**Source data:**
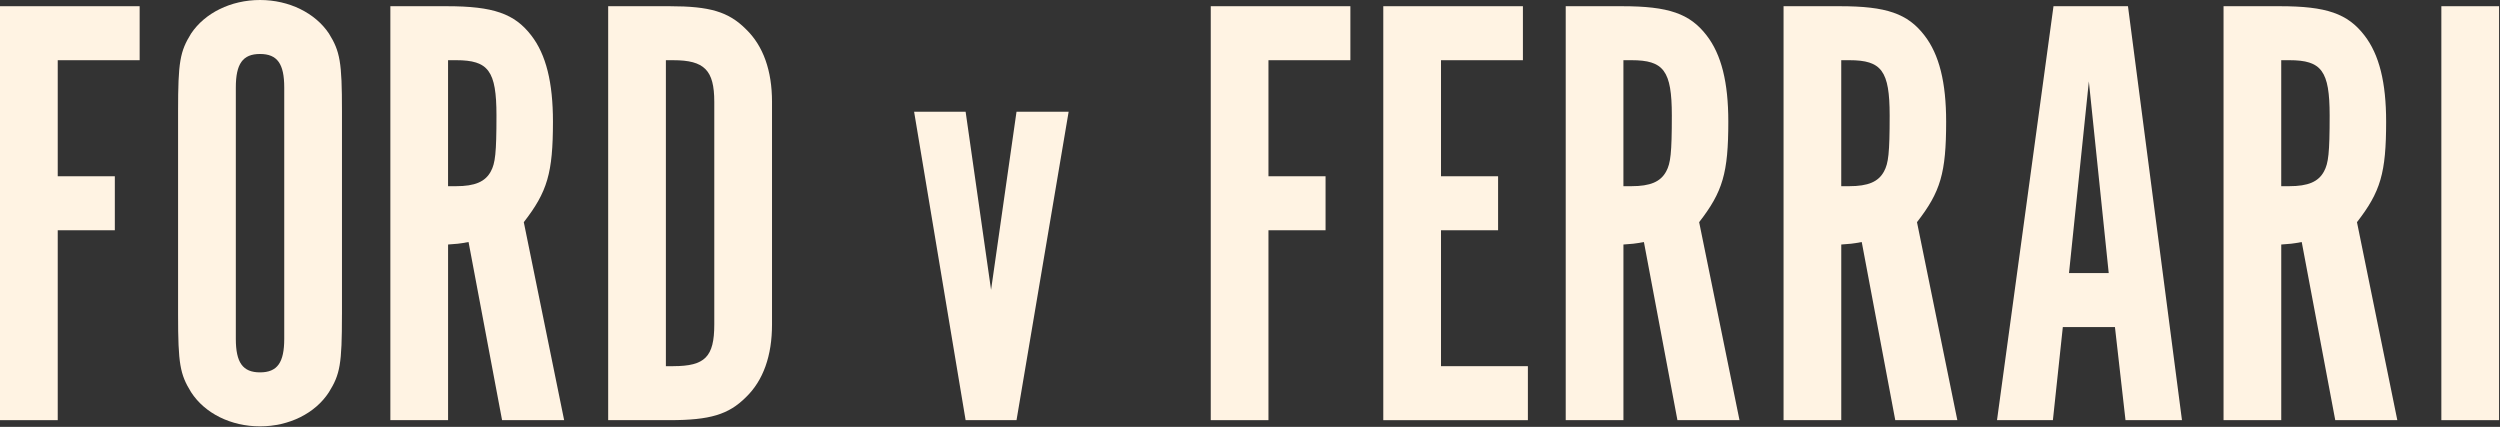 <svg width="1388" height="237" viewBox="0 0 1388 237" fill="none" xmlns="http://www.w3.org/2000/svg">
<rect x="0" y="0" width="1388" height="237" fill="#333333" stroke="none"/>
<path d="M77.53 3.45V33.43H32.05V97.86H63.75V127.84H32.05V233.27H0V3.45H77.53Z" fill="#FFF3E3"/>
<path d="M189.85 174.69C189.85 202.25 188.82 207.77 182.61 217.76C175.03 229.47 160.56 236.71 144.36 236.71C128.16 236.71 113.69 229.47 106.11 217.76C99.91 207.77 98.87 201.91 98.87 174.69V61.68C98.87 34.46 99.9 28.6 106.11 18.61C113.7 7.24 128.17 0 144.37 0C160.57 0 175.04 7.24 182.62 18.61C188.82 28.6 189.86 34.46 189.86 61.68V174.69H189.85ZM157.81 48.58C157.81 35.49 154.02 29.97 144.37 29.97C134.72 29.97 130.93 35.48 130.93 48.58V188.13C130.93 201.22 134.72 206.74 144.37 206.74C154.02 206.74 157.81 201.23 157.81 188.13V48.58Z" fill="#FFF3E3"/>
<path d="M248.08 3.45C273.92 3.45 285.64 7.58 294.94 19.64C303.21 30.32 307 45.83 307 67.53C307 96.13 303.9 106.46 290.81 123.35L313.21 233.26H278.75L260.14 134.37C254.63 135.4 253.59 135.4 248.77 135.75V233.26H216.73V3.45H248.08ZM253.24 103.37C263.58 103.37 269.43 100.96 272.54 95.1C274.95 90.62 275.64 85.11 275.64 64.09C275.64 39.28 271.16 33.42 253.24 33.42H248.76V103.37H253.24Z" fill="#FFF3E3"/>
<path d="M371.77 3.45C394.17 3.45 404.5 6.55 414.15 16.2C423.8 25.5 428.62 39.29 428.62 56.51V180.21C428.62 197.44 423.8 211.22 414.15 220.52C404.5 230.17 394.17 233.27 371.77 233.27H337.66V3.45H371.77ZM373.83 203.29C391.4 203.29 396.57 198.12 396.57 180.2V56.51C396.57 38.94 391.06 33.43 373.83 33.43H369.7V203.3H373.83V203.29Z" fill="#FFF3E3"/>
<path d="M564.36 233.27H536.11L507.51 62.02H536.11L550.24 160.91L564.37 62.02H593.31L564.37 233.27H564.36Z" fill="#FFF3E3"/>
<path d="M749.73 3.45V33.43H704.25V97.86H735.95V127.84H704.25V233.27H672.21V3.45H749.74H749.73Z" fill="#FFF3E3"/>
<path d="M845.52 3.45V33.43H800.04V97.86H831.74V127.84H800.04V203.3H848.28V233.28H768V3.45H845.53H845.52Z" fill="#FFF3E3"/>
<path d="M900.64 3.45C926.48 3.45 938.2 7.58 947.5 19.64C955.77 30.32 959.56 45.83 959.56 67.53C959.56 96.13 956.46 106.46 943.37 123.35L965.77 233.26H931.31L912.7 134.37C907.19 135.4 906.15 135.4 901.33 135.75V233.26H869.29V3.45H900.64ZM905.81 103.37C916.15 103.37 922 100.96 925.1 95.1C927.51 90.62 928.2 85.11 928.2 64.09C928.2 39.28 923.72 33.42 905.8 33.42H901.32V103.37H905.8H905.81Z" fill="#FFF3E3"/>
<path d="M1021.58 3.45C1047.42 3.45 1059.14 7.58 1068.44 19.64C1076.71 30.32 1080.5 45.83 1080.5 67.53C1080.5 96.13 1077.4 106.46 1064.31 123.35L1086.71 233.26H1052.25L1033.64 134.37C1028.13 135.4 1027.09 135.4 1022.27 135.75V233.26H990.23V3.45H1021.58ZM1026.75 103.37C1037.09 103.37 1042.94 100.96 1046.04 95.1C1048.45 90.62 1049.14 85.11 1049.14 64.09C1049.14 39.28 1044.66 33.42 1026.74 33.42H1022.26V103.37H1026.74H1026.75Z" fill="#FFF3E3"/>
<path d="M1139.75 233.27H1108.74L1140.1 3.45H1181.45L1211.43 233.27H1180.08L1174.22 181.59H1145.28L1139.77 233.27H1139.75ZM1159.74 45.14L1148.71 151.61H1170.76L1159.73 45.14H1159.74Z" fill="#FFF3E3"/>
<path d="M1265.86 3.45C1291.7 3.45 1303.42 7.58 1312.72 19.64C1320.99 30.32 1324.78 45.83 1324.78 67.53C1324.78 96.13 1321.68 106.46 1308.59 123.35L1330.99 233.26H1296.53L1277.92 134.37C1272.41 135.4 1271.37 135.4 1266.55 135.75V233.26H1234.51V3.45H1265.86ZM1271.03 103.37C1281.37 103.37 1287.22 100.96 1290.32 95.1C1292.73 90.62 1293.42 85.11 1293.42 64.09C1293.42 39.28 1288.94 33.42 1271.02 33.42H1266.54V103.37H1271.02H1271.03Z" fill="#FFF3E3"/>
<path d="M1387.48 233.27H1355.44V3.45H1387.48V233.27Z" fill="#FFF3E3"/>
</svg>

**What needs to be done:**
Write the records out exactly, dropping every image.

**Your response:**
 <svg width="1388" height="237" viewBox="0 0 1388 237" fill="none" xmlns="http://www.w3.org/2000/svg">
<rect x="0" y="0" width="1388" height="237" fill="#333333" stroke="none"/>
<path d="M77.53 3.45V33.43H32.05V97.86H63.75V127.84H32.05V233.27H0V3.45H77.53Z" fill="#FFF3E3"/>
<path d="M189.85 174.69C189.85 202.25 188.82 207.77 182.61 217.76C175.03 229.47 160.56 236.71 144.36 236.71C128.16 236.71 113.69 229.47 106.11 217.76C99.91 207.77 98.87 201.91 98.87 174.69V61.68C98.87 34.46 99.9 28.6 106.11 18.61C113.7 7.24 128.17 0 144.37 0C160.57 0 175.04 7.24 182.62 18.61C188.82 28.6 189.86 34.46 189.86 61.68V174.69H189.85ZM157.81 48.58C157.81 35.49 154.02 29.97 144.37 29.97C134.72 29.97 130.93 35.48 130.93 48.58V188.13C130.93 201.22 134.72 206.74 144.37 206.74C154.02 206.74 157.81 201.23 157.81 188.13V48.58Z" fill="#FFF3E3"/>
<path d="M248.08 3.45C273.92 3.45 285.64 7.58 294.94 19.64C303.21 30.32 307 45.83 307 67.53C307 96.13 303.9 106.46 290.81 123.35L313.21 233.26H278.75L260.14 134.37C254.63 135.4 253.59 135.4 248.77 135.75V233.26H216.73V3.45H248.08ZM253.24 103.37C263.58 103.37 269.43 100.96 272.54 95.1C274.95 90.62 275.64 85.11 275.64 64.09C275.64 39.28 271.16 33.42 253.24 33.42H248.76V103.37H253.24Z" fill="#FFF3E3"/>
<path d="M371.77 3.45C394.17 3.45 404.5 6.55 414.15 16.2C423.8 25.5 428.62 39.29 428.62 56.51V180.21C428.62 197.44 423.8 211.22 414.15 220.52C404.5 230.17 394.17 233.27 371.77 233.27H337.66V3.45H371.77ZM373.83 203.29C391.4 203.29 396.57 198.12 396.57 180.2V56.51C396.57 38.94 391.06 33.43 373.83 33.43H369.7V203.3H373.83V203.29Z" fill="#FFF3E3"/>
<path d="M564.36 233.27H536.11L507.51 62.02H536.11L550.24 160.91L564.37 62.02H593.31L564.37 233.27H564.36Z" fill="#FFF3E3"/>
<path d="M749.73 3.45V33.43H704.25V97.86H735.95V127.84H704.25V233.27H672.21V3.45H749.74H749.73Z" fill="#FFF3E3"/>
<path d="M845.52 3.45V33.43H800.04V97.86H831.74V127.84H800.04V203.3H848.28V233.28H768V3.45H845.53H845.52Z" fill="#FFF3E3"/>
<path d="M900.64 3.45C926.48 3.45 938.2 7.58 947.5 19.64C955.77 30.32 959.56 45.83 959.56 67.53C959.56 96.13 956.46 106.46 943.37 123.35L965.77 233.26H931.31L912.7 134.37C907.19 135.4 906.15 135.4 901.33 135.75V233.26H869.29V3.45H900.64ZM905.81 103.37C916.15 103.37 922 100.96 925.1 95.1C927.51 90.62 928.2 85.11 928.2 64.09C928.2 39.28 923.72 33.42 905.8 33.42H901.32V103.37H905.8H905.81Z" fill="#FFF3E3"/>
<path d="M1021.58 3.45C1047.42 3.45 1059.14 7.58 1068.44 19.64C1076.71 30.32 1080.5 45.83 1080.5 67.53C1080.5 96.13 1077.4 106.46 1064.31 123.35L1086.71 233.26H1052.25L1033.64 134.37C1028.13 135.4 1027.09 135.4 1022.27 135.75V233.26H990.23V3.45H1021.58ZM1026.75 103.37C1037.09 103.37 1042.94 100.96 1046.04 95.1C1048.45 90.62 1049.14 85.11 1049.14 64.09C1049.14 39.28 1044.66 33.42 1026.74 33.42H1022.26V103.37H1026.74H1026.75Z" fill="#FFF3E3"/>
<path d="M1139.75 233.27H1108.74L1140.1 3.45H1181.45L1211.43 233.27H1180.08L1174.22 181.59H1145.28L1139.77 233.27H1139.75ZM1159.74 45.14L1148.71 151.61H1170.76L1159.73 45.14H1159.74Z" fill="#FFF3E3"/>
<path d="M1265.86 3.45C1291.7 3.45 1303.42 7.58 1312.72 19.64C1320.99 30.32 1324.78 45.83 1324.78 67.53C1324.78 96.13 1321.68 106.46 1308.59 123.35L1330.99 233.26H1296.53L1277.92 134.37C1272.41 135.4 1271.37 135.4 1266.55 135.75V233.26H1234.51V3.45H1265.86ZM1271.03 103.37C1281.37 103.37 1287.22 100.96 1290.32 95.1C1292.73 90.62 1293.42 85.11 1293.42 64.09C1293.42 39.28 1288.94 33.42 1271.02 33.42H1266.54V103.37H1271.02H1271.03Z" fill="#FFF3E3"/>
<path d="M1387.48 233.27H1355.44V3.45H1387.48V233.27Z" fill="#FFF3E3"/>
</svg>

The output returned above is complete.